TASK: Your result should be the lines holding the word "circle", copied from the entries below.

=====

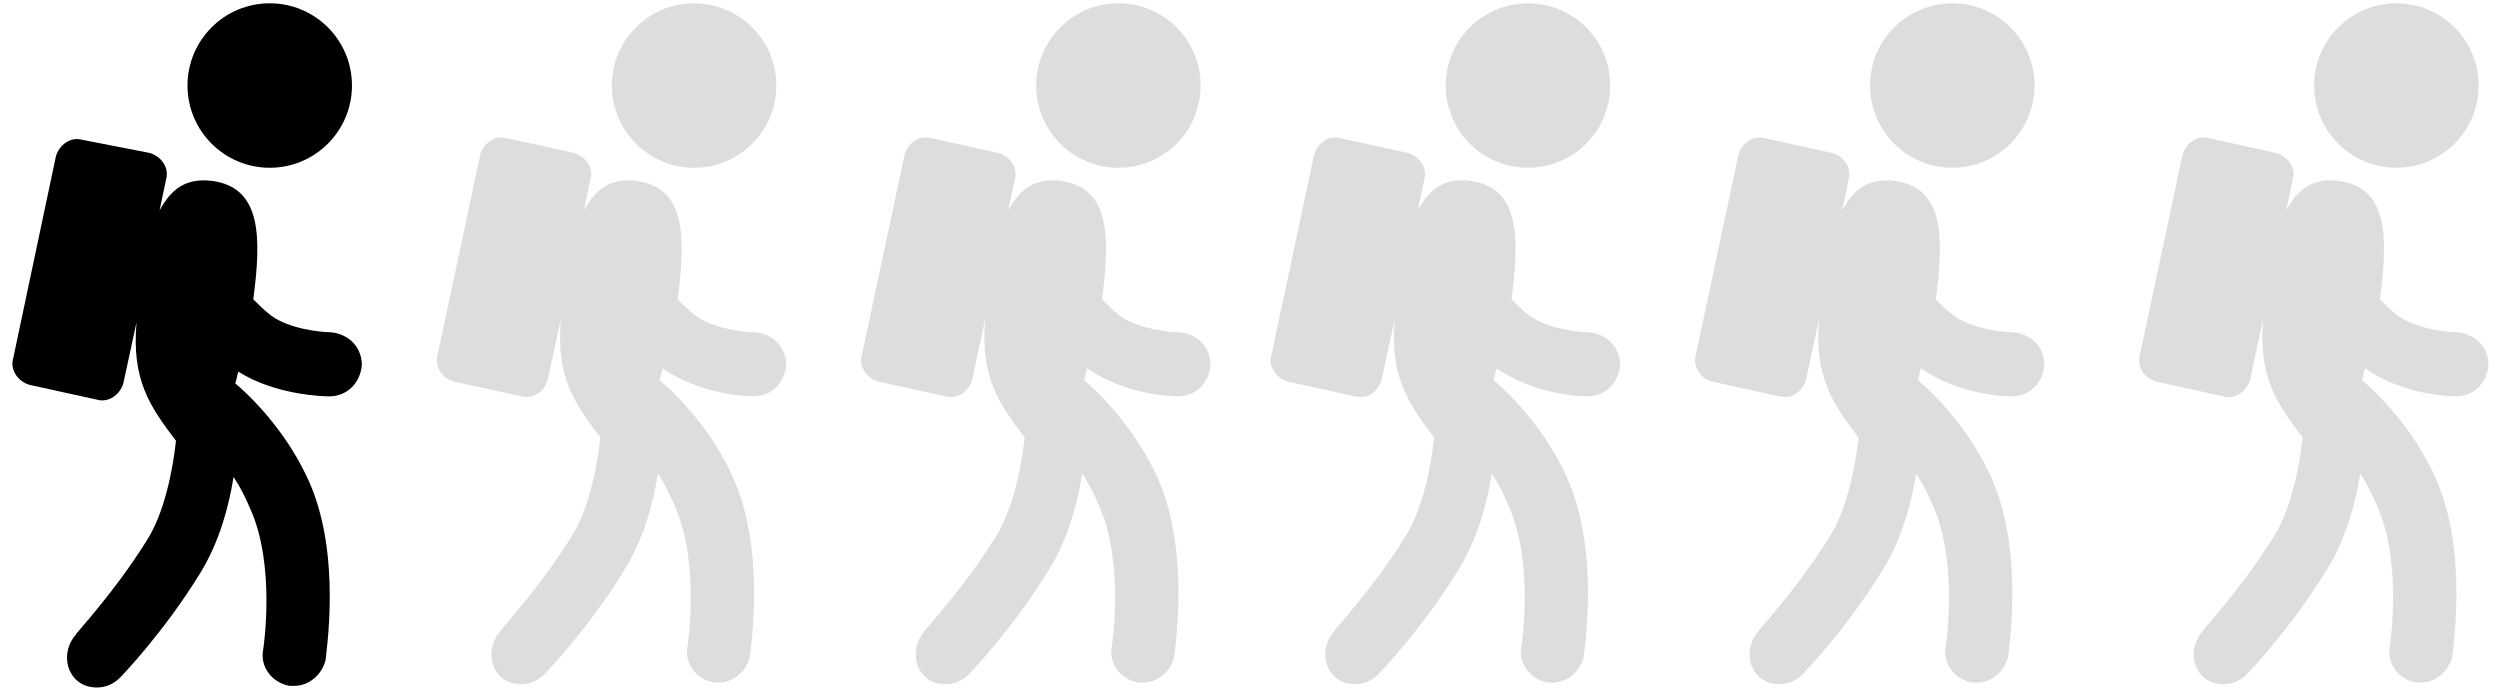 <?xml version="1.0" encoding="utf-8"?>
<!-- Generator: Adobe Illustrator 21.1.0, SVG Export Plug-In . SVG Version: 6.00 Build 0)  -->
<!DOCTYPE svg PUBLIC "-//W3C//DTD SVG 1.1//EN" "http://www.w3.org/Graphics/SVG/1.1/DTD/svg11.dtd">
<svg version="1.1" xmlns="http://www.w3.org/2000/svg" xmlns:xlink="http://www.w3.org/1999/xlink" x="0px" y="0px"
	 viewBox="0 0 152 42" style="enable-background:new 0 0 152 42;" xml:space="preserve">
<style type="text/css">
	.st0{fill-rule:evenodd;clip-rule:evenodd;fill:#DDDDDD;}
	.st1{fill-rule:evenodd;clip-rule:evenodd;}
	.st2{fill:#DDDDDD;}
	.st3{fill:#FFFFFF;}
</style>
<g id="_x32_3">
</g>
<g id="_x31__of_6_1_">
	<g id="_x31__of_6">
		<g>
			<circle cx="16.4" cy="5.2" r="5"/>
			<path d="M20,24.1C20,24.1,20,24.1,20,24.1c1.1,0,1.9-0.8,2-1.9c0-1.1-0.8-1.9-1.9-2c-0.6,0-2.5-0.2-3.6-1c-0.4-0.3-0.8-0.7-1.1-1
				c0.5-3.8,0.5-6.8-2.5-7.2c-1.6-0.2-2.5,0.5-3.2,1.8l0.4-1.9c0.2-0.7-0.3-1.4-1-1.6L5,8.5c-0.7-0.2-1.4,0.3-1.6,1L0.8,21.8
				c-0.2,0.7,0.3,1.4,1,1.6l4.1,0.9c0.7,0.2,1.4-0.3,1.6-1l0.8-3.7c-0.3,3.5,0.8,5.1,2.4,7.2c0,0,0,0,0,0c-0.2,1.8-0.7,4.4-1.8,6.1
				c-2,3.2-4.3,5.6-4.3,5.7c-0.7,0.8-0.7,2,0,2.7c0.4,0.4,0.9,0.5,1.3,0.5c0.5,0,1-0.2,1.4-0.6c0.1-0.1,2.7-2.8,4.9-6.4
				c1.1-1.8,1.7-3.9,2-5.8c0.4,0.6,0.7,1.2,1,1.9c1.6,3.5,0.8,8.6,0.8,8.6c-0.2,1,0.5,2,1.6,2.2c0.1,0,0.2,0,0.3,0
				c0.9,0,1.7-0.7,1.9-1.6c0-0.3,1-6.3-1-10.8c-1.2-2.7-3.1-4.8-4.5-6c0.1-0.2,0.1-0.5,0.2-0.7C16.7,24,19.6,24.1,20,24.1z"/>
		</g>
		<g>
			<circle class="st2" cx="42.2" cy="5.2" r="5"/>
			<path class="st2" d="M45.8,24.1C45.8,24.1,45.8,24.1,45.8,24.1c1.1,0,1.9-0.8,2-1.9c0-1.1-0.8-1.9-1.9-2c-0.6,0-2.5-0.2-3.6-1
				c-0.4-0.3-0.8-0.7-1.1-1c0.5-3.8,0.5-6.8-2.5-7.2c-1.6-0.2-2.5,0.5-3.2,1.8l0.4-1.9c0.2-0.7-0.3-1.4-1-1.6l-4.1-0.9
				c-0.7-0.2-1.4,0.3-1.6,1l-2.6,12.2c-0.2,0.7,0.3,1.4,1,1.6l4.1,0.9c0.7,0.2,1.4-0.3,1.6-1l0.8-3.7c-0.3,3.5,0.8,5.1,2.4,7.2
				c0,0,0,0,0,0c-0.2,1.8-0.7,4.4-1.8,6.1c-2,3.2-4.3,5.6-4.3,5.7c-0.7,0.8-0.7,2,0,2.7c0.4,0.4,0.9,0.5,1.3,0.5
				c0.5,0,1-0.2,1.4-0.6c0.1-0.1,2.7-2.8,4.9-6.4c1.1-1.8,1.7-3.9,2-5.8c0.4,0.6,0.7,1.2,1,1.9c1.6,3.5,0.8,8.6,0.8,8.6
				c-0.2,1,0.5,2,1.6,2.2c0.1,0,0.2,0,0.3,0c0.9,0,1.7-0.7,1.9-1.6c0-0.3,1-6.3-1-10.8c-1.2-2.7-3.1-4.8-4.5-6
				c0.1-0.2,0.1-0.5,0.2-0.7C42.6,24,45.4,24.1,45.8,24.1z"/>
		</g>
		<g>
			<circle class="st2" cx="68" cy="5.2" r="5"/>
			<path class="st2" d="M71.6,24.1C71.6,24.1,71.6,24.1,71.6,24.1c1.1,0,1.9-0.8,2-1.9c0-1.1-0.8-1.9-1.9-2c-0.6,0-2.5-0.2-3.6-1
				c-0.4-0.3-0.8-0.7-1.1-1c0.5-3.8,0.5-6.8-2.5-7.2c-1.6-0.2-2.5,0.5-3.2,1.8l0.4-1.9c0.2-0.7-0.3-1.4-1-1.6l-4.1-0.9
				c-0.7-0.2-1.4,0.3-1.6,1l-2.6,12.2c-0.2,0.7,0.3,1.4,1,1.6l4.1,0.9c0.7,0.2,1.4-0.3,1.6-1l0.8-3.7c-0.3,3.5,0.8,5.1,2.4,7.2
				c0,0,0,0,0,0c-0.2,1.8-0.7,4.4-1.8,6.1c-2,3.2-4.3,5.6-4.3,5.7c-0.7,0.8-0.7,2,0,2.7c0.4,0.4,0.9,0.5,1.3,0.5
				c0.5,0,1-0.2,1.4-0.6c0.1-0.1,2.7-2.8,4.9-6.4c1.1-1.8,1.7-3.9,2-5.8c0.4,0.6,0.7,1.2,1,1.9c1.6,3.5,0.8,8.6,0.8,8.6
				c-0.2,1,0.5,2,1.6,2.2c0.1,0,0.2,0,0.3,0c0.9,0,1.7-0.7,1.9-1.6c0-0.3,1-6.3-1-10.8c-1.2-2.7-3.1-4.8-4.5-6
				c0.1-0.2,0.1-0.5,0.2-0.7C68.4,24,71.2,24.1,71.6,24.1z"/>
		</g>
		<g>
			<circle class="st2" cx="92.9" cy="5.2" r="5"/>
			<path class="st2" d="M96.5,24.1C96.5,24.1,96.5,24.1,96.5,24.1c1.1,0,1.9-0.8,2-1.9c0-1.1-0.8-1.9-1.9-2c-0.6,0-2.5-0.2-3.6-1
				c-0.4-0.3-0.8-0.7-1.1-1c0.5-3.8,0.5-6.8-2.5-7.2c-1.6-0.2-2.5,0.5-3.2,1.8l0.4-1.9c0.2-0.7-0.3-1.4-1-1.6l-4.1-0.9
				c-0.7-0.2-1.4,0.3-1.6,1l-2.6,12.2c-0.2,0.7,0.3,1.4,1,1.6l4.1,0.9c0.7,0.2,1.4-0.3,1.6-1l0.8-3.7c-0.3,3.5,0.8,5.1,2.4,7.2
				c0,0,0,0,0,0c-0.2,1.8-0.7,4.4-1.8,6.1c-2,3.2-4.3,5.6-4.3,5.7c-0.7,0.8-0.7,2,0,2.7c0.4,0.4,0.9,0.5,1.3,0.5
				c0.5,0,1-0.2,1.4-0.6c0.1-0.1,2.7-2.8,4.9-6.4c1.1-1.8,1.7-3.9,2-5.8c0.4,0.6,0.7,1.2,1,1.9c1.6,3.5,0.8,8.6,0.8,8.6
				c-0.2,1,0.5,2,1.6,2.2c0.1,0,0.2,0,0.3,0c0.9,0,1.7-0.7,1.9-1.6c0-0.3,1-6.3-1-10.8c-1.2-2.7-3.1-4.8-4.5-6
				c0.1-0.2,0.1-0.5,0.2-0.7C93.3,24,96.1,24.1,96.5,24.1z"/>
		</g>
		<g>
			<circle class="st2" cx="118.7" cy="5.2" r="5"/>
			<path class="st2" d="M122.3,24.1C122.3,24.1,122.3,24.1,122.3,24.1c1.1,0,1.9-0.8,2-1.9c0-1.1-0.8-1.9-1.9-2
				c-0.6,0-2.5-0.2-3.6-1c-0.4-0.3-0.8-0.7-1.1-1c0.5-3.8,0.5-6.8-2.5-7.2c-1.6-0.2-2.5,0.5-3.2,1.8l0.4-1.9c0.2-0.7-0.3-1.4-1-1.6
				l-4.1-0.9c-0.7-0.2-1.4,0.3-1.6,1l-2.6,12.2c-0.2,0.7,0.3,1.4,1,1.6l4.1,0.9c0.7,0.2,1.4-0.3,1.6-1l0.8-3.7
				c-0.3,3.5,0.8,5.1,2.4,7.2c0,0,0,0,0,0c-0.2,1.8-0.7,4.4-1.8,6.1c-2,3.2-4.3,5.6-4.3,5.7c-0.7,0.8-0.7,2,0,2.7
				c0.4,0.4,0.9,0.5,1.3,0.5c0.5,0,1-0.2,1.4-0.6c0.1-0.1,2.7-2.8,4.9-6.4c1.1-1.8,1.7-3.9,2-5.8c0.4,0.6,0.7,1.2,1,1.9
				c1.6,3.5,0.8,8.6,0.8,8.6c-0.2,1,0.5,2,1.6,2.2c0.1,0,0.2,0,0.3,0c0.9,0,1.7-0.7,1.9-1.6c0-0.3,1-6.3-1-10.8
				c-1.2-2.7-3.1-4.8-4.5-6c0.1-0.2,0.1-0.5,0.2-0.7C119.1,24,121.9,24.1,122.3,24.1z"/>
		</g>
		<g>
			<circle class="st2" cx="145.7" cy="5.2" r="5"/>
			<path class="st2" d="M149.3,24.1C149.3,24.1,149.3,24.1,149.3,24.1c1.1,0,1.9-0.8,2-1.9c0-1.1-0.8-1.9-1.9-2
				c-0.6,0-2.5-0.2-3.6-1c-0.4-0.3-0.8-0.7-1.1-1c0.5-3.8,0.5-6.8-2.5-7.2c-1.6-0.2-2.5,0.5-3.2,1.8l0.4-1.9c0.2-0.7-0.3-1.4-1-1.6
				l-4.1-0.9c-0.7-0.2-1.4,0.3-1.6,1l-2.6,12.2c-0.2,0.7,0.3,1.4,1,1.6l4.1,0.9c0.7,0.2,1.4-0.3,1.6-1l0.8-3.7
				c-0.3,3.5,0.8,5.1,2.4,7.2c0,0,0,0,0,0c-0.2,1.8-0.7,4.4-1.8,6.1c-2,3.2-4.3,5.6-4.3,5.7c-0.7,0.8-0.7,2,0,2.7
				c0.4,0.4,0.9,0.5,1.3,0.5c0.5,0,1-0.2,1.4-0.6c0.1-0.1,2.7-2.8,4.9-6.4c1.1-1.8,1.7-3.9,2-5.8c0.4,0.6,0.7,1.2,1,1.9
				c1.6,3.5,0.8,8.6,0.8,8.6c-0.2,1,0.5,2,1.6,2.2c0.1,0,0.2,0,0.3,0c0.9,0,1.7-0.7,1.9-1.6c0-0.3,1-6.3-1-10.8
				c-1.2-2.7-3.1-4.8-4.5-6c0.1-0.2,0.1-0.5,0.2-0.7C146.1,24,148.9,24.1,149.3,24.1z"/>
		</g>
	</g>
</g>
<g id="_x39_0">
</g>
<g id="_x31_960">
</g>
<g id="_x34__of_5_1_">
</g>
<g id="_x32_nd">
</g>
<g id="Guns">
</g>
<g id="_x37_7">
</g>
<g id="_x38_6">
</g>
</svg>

=====

SOLUTION TO THIS TASK:
			<circle cx="16.4" cy="5.2" r="5"/>
			<circle class="st2" cx="42.2" cy="5.2" r="5"/>
			<circle class="st2" cx="68" cy="5.2" r="5"/>
			<circle class="st2" cx="92.9" cy="5.2" r="5"/>
			<circle class="st2" cx="118.7" cy="5.2" r="5"/>
			<circle class="st2" cx="145.7" cy="5.2" r="5"/>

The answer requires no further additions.